Ewing sarcoma (ES) of bone is a poorly differentiated malignant tumor of small round cells. It accounts for 6% to 8% of all primary bone tumors and is the most common malignant primary bone tumor in children and adolescents. Pain and swelling are the most common early symptoms, followed by nerve damage such as nerve roots and spinal cord. Some patients have low fever, significantly increased serum high-density lipoprotein cholesterol and erythrocyte sedimentation rate, sometimes accompanied by increased white blood cell count and anemia. The lesion may produce a large soft tissue mass. A biopsy is required for diagnosis. Imaging evaluation includes detailed anatomical location, soft tissue invasion, extent of spinal canal invasion, and distant metastasis. The CAL staging system has been established based on these tumor and surgical factors. ES is mainly distributed in non-spinal structures, and spinal involvement is rare. The incidence rate is 3.5% to 5%.

Introduction

Ewing's sarcoma of bone is a malignant bone tumor that originates from mesenchymal cells of the bone marrow and is characterized by small round cells containing glycogen. The most common age group is children; the most common sites of occurrence are the femur, tibia, fibula, ilium and scapula. Ewing sarcoma is a rare malignant bone tumor, accounting for 7% of malignant bone tumors. It is common in adolescents aged 10 to 25 years old. It is rare in those under 5 years old or over 30 years old. The male to female ratio is approximately (2.0 to 2.5):1. The tumor is highly malignant, develops rapidly, and has a very poor prognosis. The disease can occur in any part of the skeleton, but the long bones of the limbs are the most common site, followed by the epiphysis. The femur, humerus, tibia, fibula and ilium are the most common bones affected, but the ribs, scapula, spine and skull can also be affected.

type

(1) Osteolytic type: bone destruction is the main feature, with a small amount of periosteal new bone or small spicule bone formation.

(2) Sclerotic type: Bone hyperplasia and sclerosis occur in the tumor area, and a large amount of needle-shaped and periosteal new bone appears outside the cortical bone. Bone destruction is difficult to observe, or only a small amount of bone destruction is visible.

(3) Mixed type: bone destruction and periosteal hyperplasia are basically equal in amount.

Clinical manifestations

symptom

1. Pain and swelling are the most common symptoms. Often, the pain has gradually intensified and become persistent in the period before admission to the hospital, with obvious local swelling or a lump that can be felt.
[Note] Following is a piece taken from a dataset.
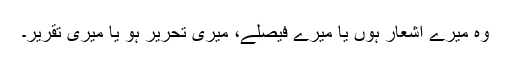
وہ میرے اشعار ہوں یا میرے فیصلے، میری تحریر ہو یا میری تقریر۔

2. Inflammatory response manifests itself in rapid tumor growth with a wide reaction area, a large number of new blood vessels, and signs of inflammatory response such as redness, swelling, and heat.

3. Fractures Ewing sarcoma lesions of the main weight-bearing bones may cause pathological fractures.

4. Systemic symptoms may include moderate fever, weakness, weight loss, anemia and lethargy. It may also metastasize to the lungs early and lead to death.

The location of the tumor may also cause other symptoms. For example, lesions located at the lower end of the femur may affect the function of the knee joint and cause repeated joint effusion; lesions located at the ribs may cause pleural effusion, etc.

Signs

1. There is local tenderness, increased skin temperature, and dilated veins on the surface of the tumor.

2. Tumors that invade soft tissue often form soft, large masses.

3. Tumors occurring in the ribs are often accompanied by pleural effusion. Tumors occurring in the sacrum or pelvis may cause a series of neurological symptoms due to invasion of the sacral plexus. Tumors occurring in the pelvis may be very large and easily extend to the lower limbs. If the tumor is close to the end of the joint, it may cause limited joint movement and may be accompanied by joint effusion.